══ Input data
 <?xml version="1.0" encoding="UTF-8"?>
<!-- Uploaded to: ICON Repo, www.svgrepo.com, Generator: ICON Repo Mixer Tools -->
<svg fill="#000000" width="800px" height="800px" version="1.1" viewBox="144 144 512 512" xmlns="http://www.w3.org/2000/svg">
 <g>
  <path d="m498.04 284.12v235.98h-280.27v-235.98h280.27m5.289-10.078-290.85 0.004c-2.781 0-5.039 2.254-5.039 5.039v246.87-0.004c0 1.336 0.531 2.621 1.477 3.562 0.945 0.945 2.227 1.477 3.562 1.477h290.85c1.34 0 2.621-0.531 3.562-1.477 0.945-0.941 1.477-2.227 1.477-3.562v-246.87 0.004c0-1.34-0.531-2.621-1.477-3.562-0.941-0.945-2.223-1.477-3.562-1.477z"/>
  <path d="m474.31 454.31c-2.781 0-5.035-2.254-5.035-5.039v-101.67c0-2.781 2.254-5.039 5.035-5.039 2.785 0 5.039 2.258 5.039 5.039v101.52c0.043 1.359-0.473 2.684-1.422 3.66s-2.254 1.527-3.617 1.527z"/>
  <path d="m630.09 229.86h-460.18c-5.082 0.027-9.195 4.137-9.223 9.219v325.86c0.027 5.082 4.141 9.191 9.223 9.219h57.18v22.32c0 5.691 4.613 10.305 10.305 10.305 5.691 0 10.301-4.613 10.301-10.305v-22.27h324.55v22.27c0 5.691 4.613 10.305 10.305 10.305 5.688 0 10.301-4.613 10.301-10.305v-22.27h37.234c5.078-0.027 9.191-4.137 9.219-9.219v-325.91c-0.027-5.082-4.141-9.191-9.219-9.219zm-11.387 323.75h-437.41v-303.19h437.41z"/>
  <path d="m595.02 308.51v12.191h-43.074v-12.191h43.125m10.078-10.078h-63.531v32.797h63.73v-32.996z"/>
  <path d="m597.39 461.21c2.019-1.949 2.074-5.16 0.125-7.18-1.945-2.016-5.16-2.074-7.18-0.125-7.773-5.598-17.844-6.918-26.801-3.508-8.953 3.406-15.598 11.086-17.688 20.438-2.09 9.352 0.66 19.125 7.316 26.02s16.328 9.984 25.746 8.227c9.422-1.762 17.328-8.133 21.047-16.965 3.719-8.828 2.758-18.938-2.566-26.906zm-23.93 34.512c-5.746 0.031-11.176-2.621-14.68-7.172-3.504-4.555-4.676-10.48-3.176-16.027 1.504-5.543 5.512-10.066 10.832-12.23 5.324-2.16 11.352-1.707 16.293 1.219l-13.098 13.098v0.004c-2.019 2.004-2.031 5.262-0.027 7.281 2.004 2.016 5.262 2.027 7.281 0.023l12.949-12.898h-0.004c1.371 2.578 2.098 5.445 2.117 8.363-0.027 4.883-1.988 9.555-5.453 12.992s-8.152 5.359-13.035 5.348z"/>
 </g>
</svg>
════
• Required work
Exact copies of every record are required.

• Written response
 <?xml version="1.0" encoding="UTF-8"?>
<!-- Uploaded to: ICON Repo, www.svgrepo.com, Generator: ICON Repo Mixer Tools -->
<svg fill="#000000" width="800px" height="800px" version="1.1" viewBox="144 144 512 512" xmlns="http://www.w3.org/2000/svg">
 <g>
  <path d="m498.04 284.12v235.98h-280.27v-235.98h280.27m5.289-10.078-290.85 0.004c-2.781 0-5.039 2.254-5.039 5.039v246.87-0.004c0 1.336 0.531 2.621 1.477 3.562 0.945 0.945 2.227 1.477 3.562 1.477h290.85c1.34 0 2.621-0.531 3.562-1.477 0.945-0.941 1.477-2.227 1.477-3.562v-246.87 0.004c0-1.34-0.531-2.621-1.477-3.562-0.941-0.945-2.223-1.477-3.562-1.477z"/>
  <path d="m474.31 454.31c-2.781 0-5.035-2.254-5.035-5.039v-101.67c0-2.781 2.254-5.039 5.035-5.039 2.785 0 5.039 2.258 5.039 5.039v101.52c0.043 1.359-0.473 2.684-1.422 3.66s-2.254 1.527-3.617 1.527z"/>
  <path d="m630.09 229.86h-460.18c-5.082 0.027-9.195 4.137-9.223 9.219v325.86c0.027 5.082 4.141 9.191 9.223 9.219h57.18v22.32c0 5.691 4.613 10.305 10.305 10.305 5.691 0 10.301-4.613 10.301-10.305v-22.27h324.55v22.27c0 5.691 4.613 10.305 10.305 10.305 5.688 0 10.301-4.613 10.301-10.305v-22.27h37.234c5.078-0.027 9.191-4.137 9.219-9.219v-325.91c-0.027-5.082-4.141-9.191-9.219-9.219zm-11.387 323.75h-437.41v-303.19h437.41z"/>
  <path d="m595.02 308.51v12.191h-43.074v-12.191h43.125m10.078-10.078h-63.531v32.797h63.73v-32.996z"/>
  <path d="m597.39 461.21c2.019-1.949 2.074-5.16 0.125-7.18-1.945-2.016-5.16-2.074-7.18-0.125-7.773-5.598-17.844-6.918-26.801-3.508-8.953 3.406-15.598 11.086-17.688 20.438-2.09 9.352 0.66 19.125 7.316 26.02s16.328 9.984 25.746 8.227c9.422-1.762 17.328-8.133 21.047-16.965 3.719-8.828 2.758-18.938-2.566-26.906zm-23.93 34.512c-5.746 0.031-11.176-2.621-14.68-7.172-3.504-4.555-4.676-10.48-3.176-16.027 1.504-5.543 5.512-10.066 10.832-12.23 5.324-2.16 11.352-1.707 16.293 1.219l-13.098 13.098v0.004c-2.019 2.004-2.031 5.262-0.027 7.281 2.004 2.016 5.262 2.027 7.281 0.023l12.949-12.898h-0.004c1.371 2.578 2.098 5.445 2.117 8.363-0.027 4.883-1.988 9.555-5.453 12.992s-8.152 5.359-13.035 5.348z"/>
 </g>
</svg>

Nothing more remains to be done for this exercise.